Anders: "What to do? I think it would be a mistake to try to promote
merely optimism or technology will solve everything memes. Rather I
think we need to promote memes of ambition, willingness to take risk,
willingness to work at *making* the future. People feel much better
about things that are within their sphere of control, or even where
they feel they are doing something."

Right, but optimism has an important role to play within the
make-the-future message.
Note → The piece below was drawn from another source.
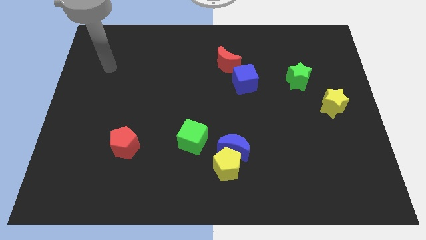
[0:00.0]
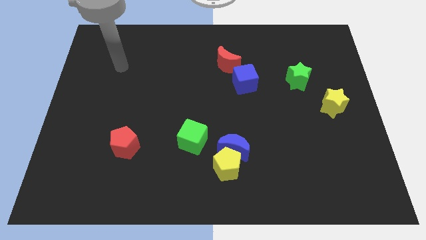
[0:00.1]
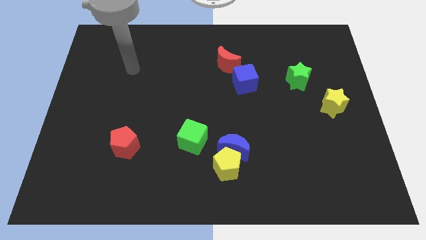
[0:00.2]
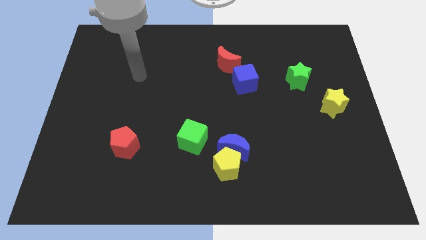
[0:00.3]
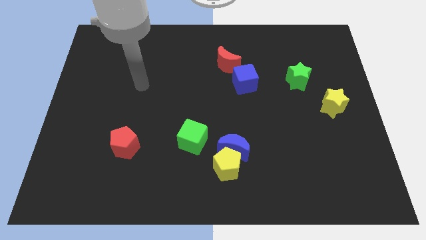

Why should you "do something" if you are
persuaded that it will fail?

On Sun, Mar 10, 2013 at 10:24 PM, Peter E McAlpine <pemca at comcast.net> wrote:
> Naw, it's environmentalism crushing humanity in favor of "nature."
>
> -----Original Message-----
> From: extropy-chat-bounces at lists.extropy.org
> [mailto:extropy-chat-bounces at lists.extropy.org] On Behalf Of BillK
> Sent: Sunday, March 10, 2013 6:07 AM
> To: ExI chat list
> Subject: Re: [ExI] Is future progress moving to virtual reality?
>
> On Sun, Mar 10, 2013 at 5:23 AM, PJ Manney wrote:
>> Please don't extrapolate grand historical trends from BS.  The Walt
>> Disney Company doesn't change Tomorrowland because Disney's leaders
>> since Walt's death don't care about the future.  They can't see beyond
>> the next dividend payment schedule or stock price expectation.  They'd
>> rather do what their marketing departments say costs the least to
>> accomplish to change the rides just enough to both maintain safety and
>> create the slightest bit of novelty to encourage revisits.  This is
>> about a lack of vision and cheapness.  Not future trends.  Future
>> trends (and correcting them when they don't turn out quite as
>> expected) costs too much money.
>>
>>
>
> Agreed that Disney are trying to create what sells and appeals to the
> public.
>
> Surely that is an indicator of the direction that public interest is moving
> in?
> The general public like the retro 1950s science fiction view of the future.
>
> Whereas in the real world, man in space has disappeared since the moon
> shots. Transport is still cars, with some tuning of the power systems.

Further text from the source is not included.